How Population Health and Care Quality Relate


October 02, 2019

David Nash, MD, MBA, kicked off the second annual Health Care Quality Congress (HQC) 2019 in Dallas, Texas with his session entitled, “Population Health and Quality: Two Peas in a Pod.” 

Dr Nash discussed how managing population health can help improve health care quality. He said his session would highlight, “how did we get into this mess; what is population health; and where do we go from here?”

Dr Nash began his session by explaining the issues currently facing health care to the audience. According to Dr Nash, health care must reallocate, and the health care system faces tough decisions.  

He then explained that the conceptual framework of population health is influenced by health outcomes, health determinants and policies and interventions. Among health outcomes and their distribution within a population, morbidity, mortality, and quality of life of a patient are impacted. Further, according to Dr Nash, policies and interventions that impact health determinants impact social, environmental and individual aspects of a patient.  

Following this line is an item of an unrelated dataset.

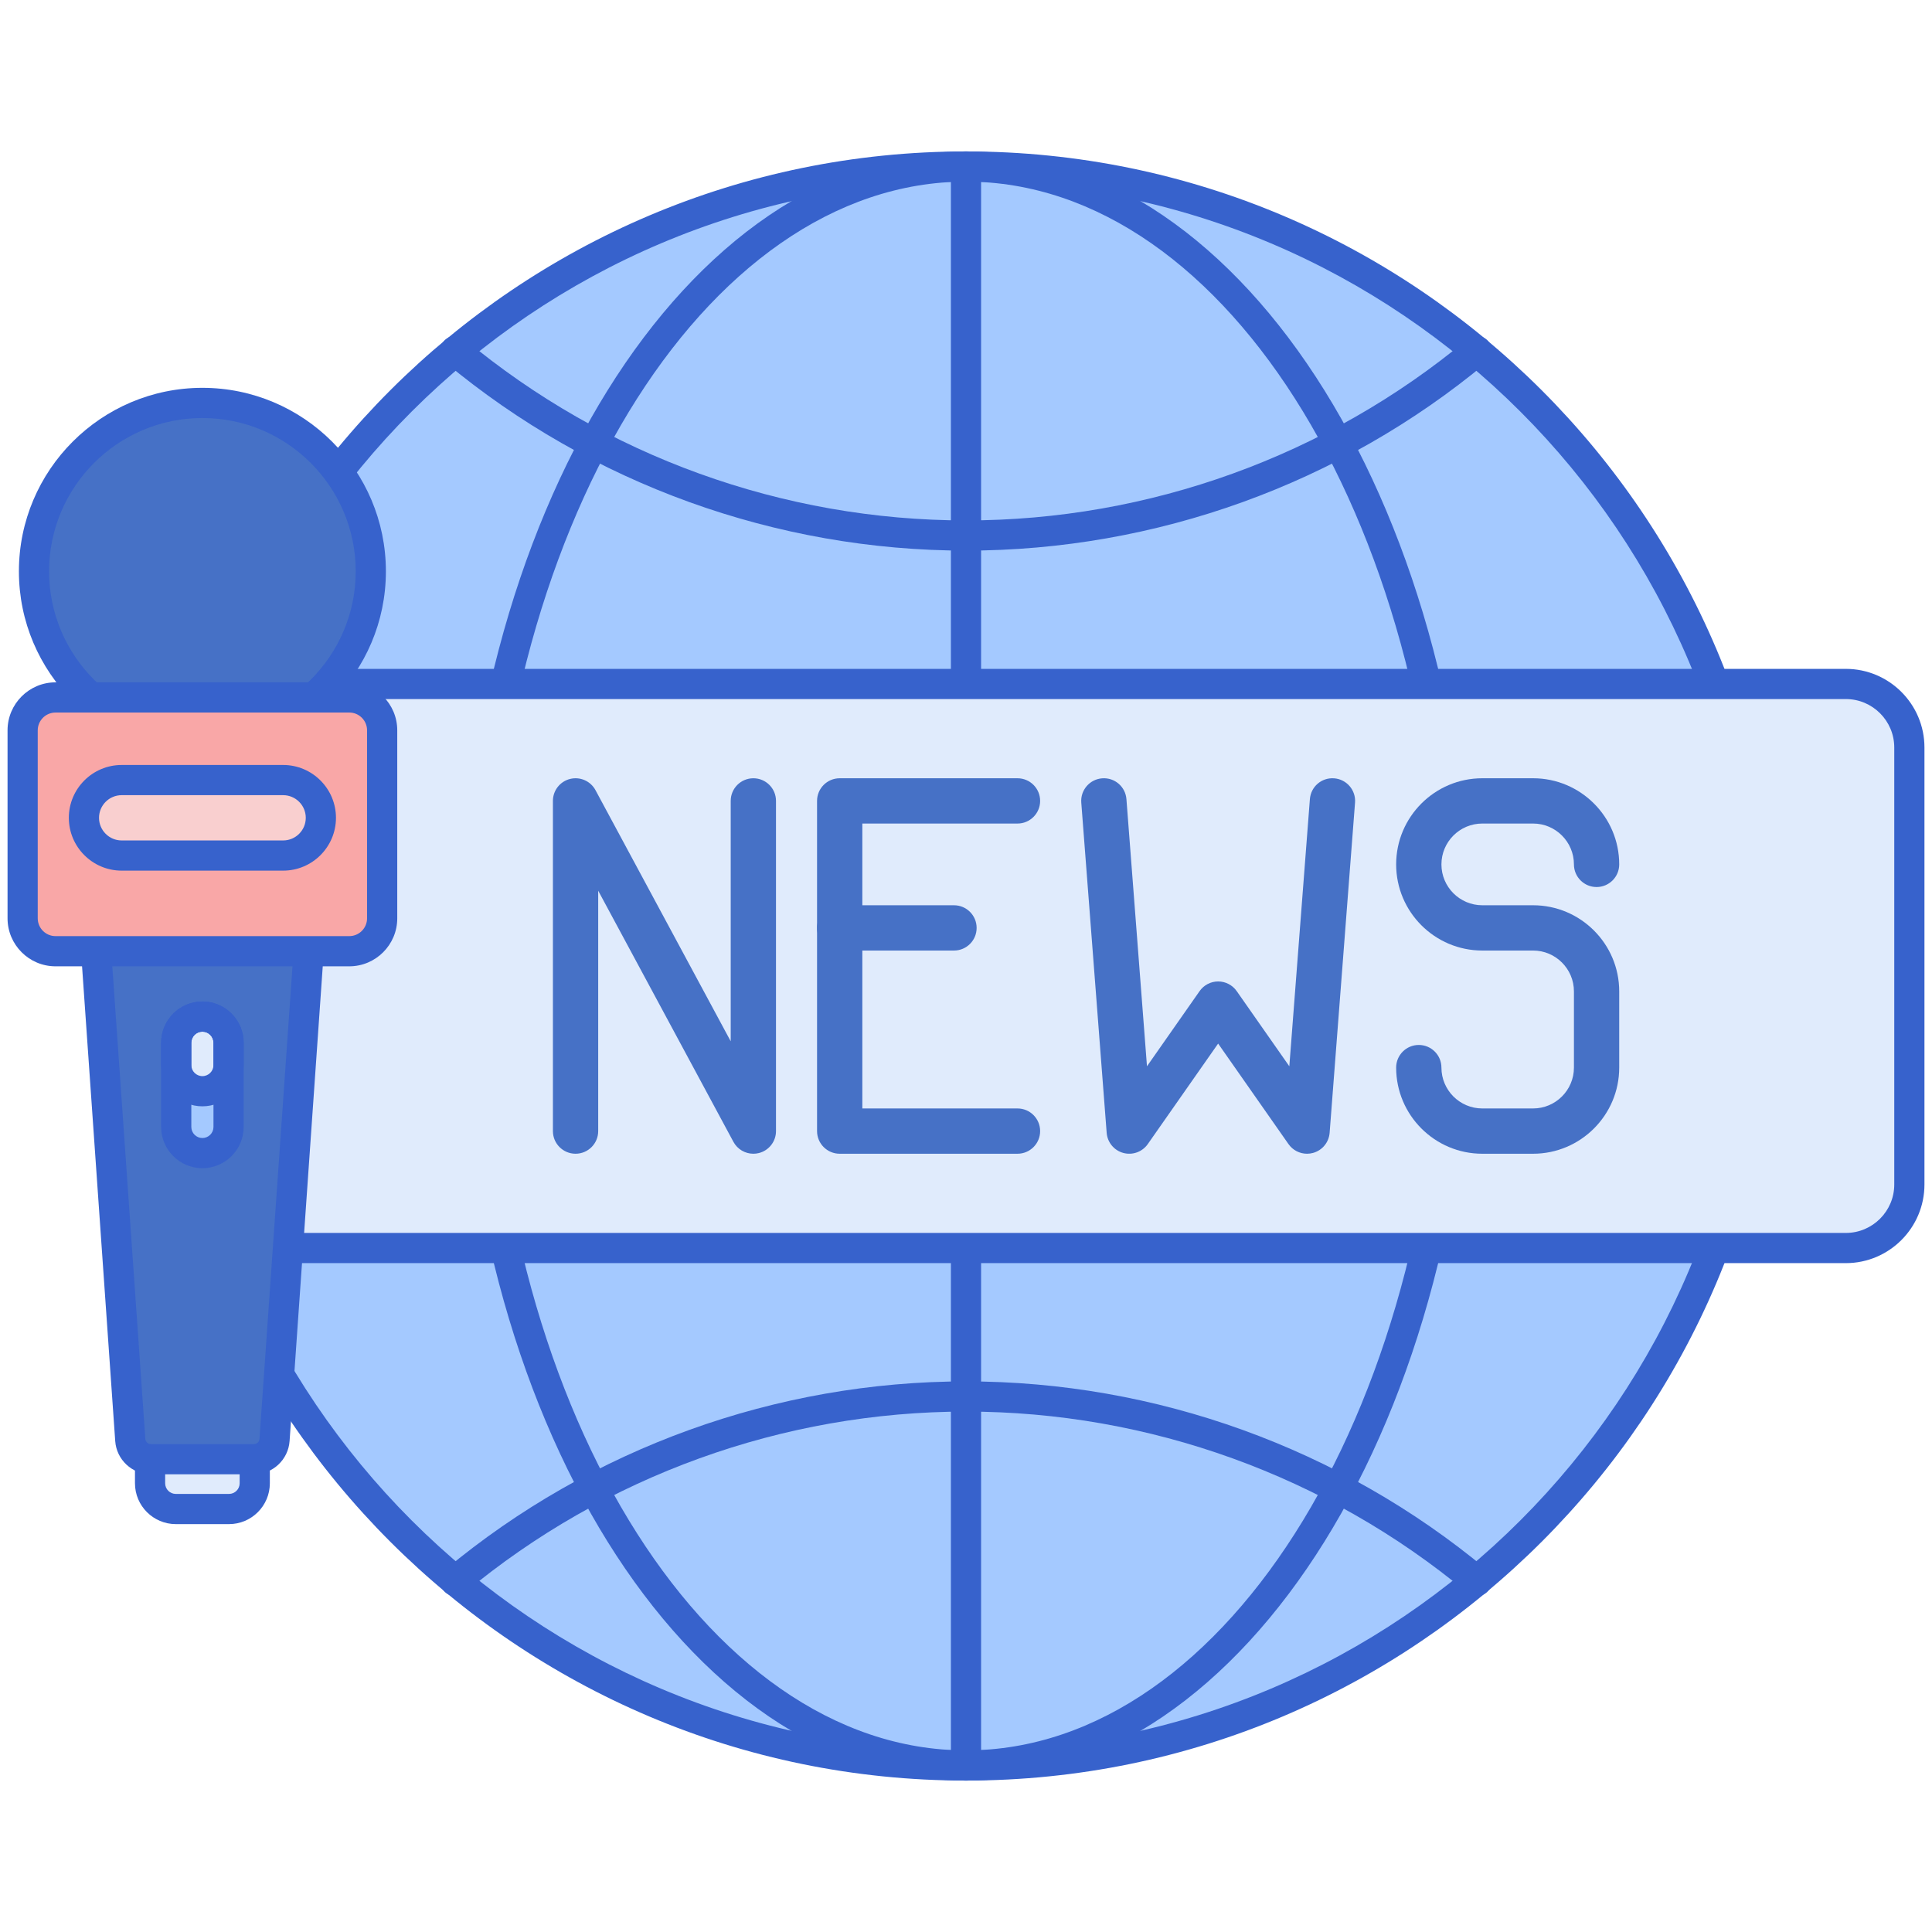 <svg id="Layer_1" height="512" viewBox="0 0 256 256" width="512" xmlns="http://www.w3.org/2000/svg"><g><g><g><circle cx="128" cy="128" fill="#a4c9ff" r="105.935"/></g><g><path d="m128 235.935c-37.049 0-67.19-48.419-67.19-107.935s30.141-107.935 67.19-107.935 67.19 48.42 67.19 107.935-30.141 107.935-67.19 107.935zm0-211.87c-34.843 0-63.19 46.625-63.19 103.935s28.347 103.935 63.19 103.935c34.844 0 63.19-46.625 63.19-103.935s-28.346-103.935-63.19-103.935z" fill="#3762cc"/></g><g><path d="m128 235.935c-1.104 0-2-.896-2-2v-211.87c0-1.104.896-2 2-2s2 .896 2 2v211.869c0 1.105-.896 2.001-2 2.001z" fill="#3762cc"/></g><g><path d="m60.321 211.488c-.574 0-1.143-.246-1.539-.721-.706-.85-.59-2.11.259-2.816 19.319-16.063 43.809-24.909 68.959-24.909s49.64 8.846 68.958 24.908c.85.707.966 1.967.26 2.817-.707.85-1.969.964-2.816.259-18.602-15.467-42.184-23.984-66.402-23.984s-47.8 8.518-66.401 23.984c-.373.31-.827.462-1.278.462z" fill="#3762cc"/></g><g><path d="m128 72.958c-25.151 0-49.641-8.846-68.958-24.909-.849-.706-.965-1.967-.259-2.816s1.968-.966 2.816-.259c18.601 15.466 42.182 23.984 66.401 23.984s47.8-8.518 66.401-23.984c.847-.707 2.108-.591 2.816.259.706.85.59 2.11-.26 2.816-19.316 16.063-43.807 24.909-68.957 24.909z" fill="#3762cc"/></g><g><path d="m233.935 130h-211.87c-1.104 0-2-.896-2-2s.896-2 2-2h211.869c1.104 0 2 .896 2 2s-.895 2-1.999 2z" fill="#3762cc"/></g><g><path d="m128 235.935c-59.515 0-107.935-48.419-107.935-107.935s48.42-107.935 107.935-107.935c59.516 0 107.935 48.419 107.935 107.935s-48.419 107.935-107.935 107.935zm0-211.87c-57.31 0-103.935 46.625-103.935 103.935s46.625 103.935 103.935 103.935 103.935-46.625 103.935-103.935-46.625-103.935-103.935-103.935z" fill="#3762cc"/></g></g><g><path d="m244.581 90.629c-4.336 0-189.617 0-211.207 0-4.65 0-8.419 3.769-8.419 8.419v57.903c0 4.65 3.769 8.419 8.419 8.419h211.207c4.65 0 8.419-3.769 8.419-8.419v-57.903c0-4.649-3.769-8.419-8.419-8.419z" fill="#e0ebfc"/></g><g><g><g><g><path d="m134.823 152.876h-23.559c-1.657 0-3-1.343-3-3v-43.752c0-1.657 1.343-3 3-3h23.559c1.657 0 3 1.343 3 3s-1.343 3-3 3h-20.559v37.752h20.559c1.657 0 3 1.343 3 3s-1.343 3-3 3z" fill="#4671c6"/></g></g><g><g><path d="m126.409 125.952h-15.145c-1.657 0-3-1.343-3-3s1.343-3 3-3h15.145c1.657 0 3 1.343 3 3s-1.343 3-3 3z" fill="#4671c6"/></g></g></g><g><g><path d="m99.822 152.876c-1.084 0-2.109-.59-2.641-1.578l-17.917-33.275v31.853c0 1.657-1.343 3-3 3s-3-1.343-3-3v-43.752c0-1.374.934-2.573 2.267-2.909s2.723.277 3.375 1.487l17.917 33.275v-31.853c0-1.657 1.343-3 3-3s3 1.343 3 3v43.752c0 1.374-.934 2.573-2.267 2.909-.244.062-.491.091-.734.091z" fill="#4671c6"/></g></g><g><g><path d="m203.141 152.876h-6.73c-6.294 0-11.414-5.12-11.414-11.414 0-1.657 1.343-3 3-3s3 1.343 3 3c0 2.985 2.429 5.414 5.414 5.414h6.73c2.985 0 5.414-2.429 5.414-5.414v-10.097c0-2.985-2.429-5.414-5.414-5.414h-6.73c-6.294 0-11.414-5.12-11.414-11.414s5.12-11.414 11.414-11.414h6.73c6.294 0 11.414 5.12 11.414 11.414 0 1.657-1.343 3-3 3s-3-1.343-3-3c0-2.985-2.429-5.414-5.414-5.414h-6.73c-2.985 0-5.414 2.429-5.414 5.414s2.429 5.414 5.414 5.414h6.73c6.294 0 11.414 5.12 11.414 11.414v10.097c0 6.294-5.12 11.414-11.414 11.414z" fill="#4671c6"/></g></g><g><g><path d="m173.188 152.876c-.963 0-1.887-.465-2.458-1.28l-9.321-13.317-9.321 13.317c-.728 1.038-2.027 1.508-3.249 1.173-1.223-.334-2.103-1.4-2.2-2.664l-3.365-43.752c-.127-1.652 1.109-3.094 2.761-3.221 1.666-.128 3.095 1.109 3.222 2.761l2.723 35.396 6.973-9.962c.562-.802 1.479-1.28 2.458-1.28s1.896.478 2.458 1.28l6.973 9.962 2.724-35.396c.127-1.652 1.548-2.888 3.222-2.761 1.651.127 2.888 1.569 2.761 3.221l-3.366 43.752c-.098 1.263-.978 2.329-2.2 2.664-.265.072-.532.107-.795.107z" fill="#4671c6"/></g></g></g><g><path d="m244.581 167.371h-211.207c-5.745 0-10.419-4.674-10.419-10.419v-57.904c0-5.745 4.674-10.419 10.419-10.419h211.207c5.745 0 10.419 4.674 10.419 10.419v57.903c0 5.745-4.674 10.42-10.419 10.42zm-211.207-74.742c-3.54 0-6.419 2.879-6.419 6.419v57.903c0 3.54 2.88 6.419 6.419 6.419h211.207c3.539 0 6.419-2.88 6.419-6.419v-57.903c0-3.54-2.88-6.419-6.419-6.419z" fill="#3762cc"/></g><g><g><path d="m30.344 199.953h-7.049c-1.884 0-3.411-1.527-3.411-3.411v-13.188h13.87v13.188c0 1.884-1.527 3.411-3.41 3.411z" fill="#e0ebfc"/></g><g><path d="m30.344 201.953h-7.049c-2.984 0-5.411-2.427-5.411-5.411v-13.188c0-1.104.896-2 2-2h13.871c1.104 0 2 .896 2 2v13.188c-.001 2.984-2.428 5.411-5.411 5.411zm-8.46-16.599v11.188c0 .778.633 1.411 1.411 1.411h7.049c.778 0 1.411-.633 1.411-1.411v-11.188z" fill="#3762cc"/></g><g><circle cx="26.819" cy="75.705" fill="#4671c6" r="22.314"/></g><g><path d="m10.959 100.578 6.303 90.234c.1 1.43 1.289 2.538 2.722 2.538h13.67c1.433 0 2.622-1.109 2.722-2.538l6.303-90.234z" fill="#4671c6"/></g><g><path d="m26.819 100.019c-13.407 0-24.314-10.907-24.314-24.314s10.907-24.315 24.314-24.315 24.314 10.907 24.314 24.314-10.907 24.315-24.314 24.315zm0-44.629c-11.202 0-20.314 9.113-20.314 20.314s9.113 20.314 20.314 20.314 20.314-9.113 20.314-20.314-9.112-20.314-20.314-20.314z" fill="#3762cc"/></g><g><path d="m33.654 195.351h-13.67c-2.473 0-4.544-1.932-4.717-4.399l-6.303-90.235c-.039-.553.154-1.098.532-1.503s.908-.636 1.463-.636h31.72c.555 0 1.084.23 1.463.636.378.406.571.95.532 1.503l-6.303 90.234c-.172 2.467-2.244 4.4-4.717 4.4zm-20.55-92.773 6.154 88.095c.027.38.346.678.727.678h13.67c.381 0 .7-.298.727-.678l6.154-88.095z" fill="#3762cc"/></g><g><path d="m46.279 126.041h-38.92c-2.407 0-4.359-1.952-4.359-4.359v-24.909c0-2.407 1.952-4.359 4.359-4.359h38.92c2.407 0 4.359 1.952 4.359 4.359v24.909c0 2.408-1.951 4.359-4.359 4.359z" fill="#f9a7a7"/></g><g><path d="m46.279 128.042h-38.92c-3.506 0-6.359-2.853-6.359-6.359v-24.91c0-3.506 2.853-6.359 6.359-6.359h38.92c3.506 0 6.359 2.853 6.359 6.359v24.909c0 3.507-2.852 6.36-6.359 6.36zm-38.92-33.627c-1.301 0-2.359 1.058-2.359 2.358v24.909c0 1.301 1.058 2.359 2.359 2.359h38.92c1.301 0 2.359-1.058 2.359-2.359v-24.909c0-1.301-1.058-2.359-2.359-2.359h-38.92z" fill="#3762cc"/></g><g><path d="m37.517 113.364h-21.396c-2.761 0-5-2.239-5-5 0-2.761 2.239-5 5-5h21.396c2.761 0 5 2.239 5 5 0 2.762-2.238 5-5 5z" fill="#f9cfcf"/></g><g><path d="m37.517 115.364h-21.396c-3.86 0-7-3.14-7-7s3.14-7 7-7h21.396c3.86 0 7 3.14 7 7s-3.14 7-7 7zm-21.396-10c-1.654 0-3 1.346-3 3s1.346 3 3 3h21.396c1.654 0 3-1.346 3-3s-1.346-3-3-3z" fill="#3762cc"/></g><g><path d="m26.819 152.794c-1.915 0-3.468-1.552-3.468-3.468v-11.157c0-1.915 1.552-3.468 3.468-3.468 1.915 0 3.468 1.553 3.468 3.468v11.157c0 1.915-1.553 3.468-3.468 3.468z" fill="#a4c9ff"/></g><g><path d="m26.819 134.701c-1.915 0-3.468 1.553-3.468 3.467v2.956c0 1.915 1.553 3.468 3.468 3.468s3.468-1.553 3.468-3.468v-2.956c0-1.914-1.553-3.467-3.468-3.467z" fill="#e0ebfc"/></g><g><path d="m26.819 146.593c-3.015 0-5.468-2.453-5.468-5.468v-2.956c0-3.015 2.453-5.468 5.468-5.468s5.467 2.453 5.467 5.468v2.956c.001 3.015-2.452 5.468-5.467 5.468zm0-9.892c-.81 0-1.468.658-1.468 1.468v2.956c0 .81.658 1.468 1.468 1.468.809 0 1.467-.658 1.467-1.468v-2.956c.001-.81-.658-1.468-1.467-1.468z" fill="#3762cc"/></g><g><path d="m26.819 154.793c-3.015 0-5.468-2.453-5.468-5.467v-11.157c0-3.015 2.453-5.468 5.468-5.468s5.467 2.453 5.467 5.468v11.157c.001 3.015-2.452 5.467-5.467 5.467zm0-18.092c-.81 0-1.468.658-1.468 1.468v11.157c0 .809.658 1.467 1.468 1.467.809 0 1.467-.658 1.467-1.467v-11.157c.001-.81-.658-1.468-1.467-1.468z" fill="#3762cc"/></g></g></g></svg>

He explained that health care waste comes in 3 categories: behavioral, operational, and clinical. He noted that of roughly $3 trillion of spending, there is $1 trillion of waste.

“Opportunities to eliminate wasteful spending in health care add up to $1.2 trillion of the annual $2.2 trillion spent nationally.”

“When we reduce error, we reduce waste,” he stressed.

He then stressed that the definition of population health does vary. He said the original definition encompassed health outcomes and their distribution within a population which impact morbidity, mortality and quality of life. He continued that it also focused on health determinants that influence distribution impacting medical care, socioeconomic status, and genetics, and finally policies and interventions that impact social, environmental, and individuals’ determinants.

Dr Nash then explained that the conceptual framework of population health is influenced by health outcomes, health determinants and policies and interventions. Among health outcomes and their distribution within a population, morbidity, mortality, and quality of life of a patient are impacted. Further, according to Dr Nash, health determinants that influence distribution—including smoking, unhealthy diet, physical inactivity, and alcohol, which account for roughly 40% of all deaths—impact medical care, socioeconomics and genetics. Finally, policies and interventions that impact health determinants impact social, environmental and individual aspects of a patient.   

According to Dr Nash the US currently spends 2% of health care spending on population health. He explained, however, that chronic disease, which equals 80% of total disease burden, has no dedicated federal funding stream. 

He explained that the major themes moving forward should include transparency, accountability, and “no outcome, no income.”

Dr Nash said in order to meet these themes, the health care system must change the culture. He explained that this is a multistep process. Included in Dr Nash’s process is:

  • Practice based evidence;
  • Reduce unexplained clinical variation;
  • Reducing slavish adherence to professional autonomy;
  • Continuously measure and close feedback loop; and,
  • Engage with patients across the continuum of care.  

He also said that it is important to connect at the individual level, especially in this time of technology, and he referenced the use of Amazon’s Alexa in the future.  

Dr Nash ended his session with a quote from John P Kotter from Harvard Business School:

“The institutionalization of leadership training is one of the key attributes of good leadership.”

In response to this quote, Dr Nash translated it into his own words saying:

“One of the obligations of the leaders of today, is the training of the leaders of tomorrow, and that’s what you and I are doing here today, tomorrow, and the day after.”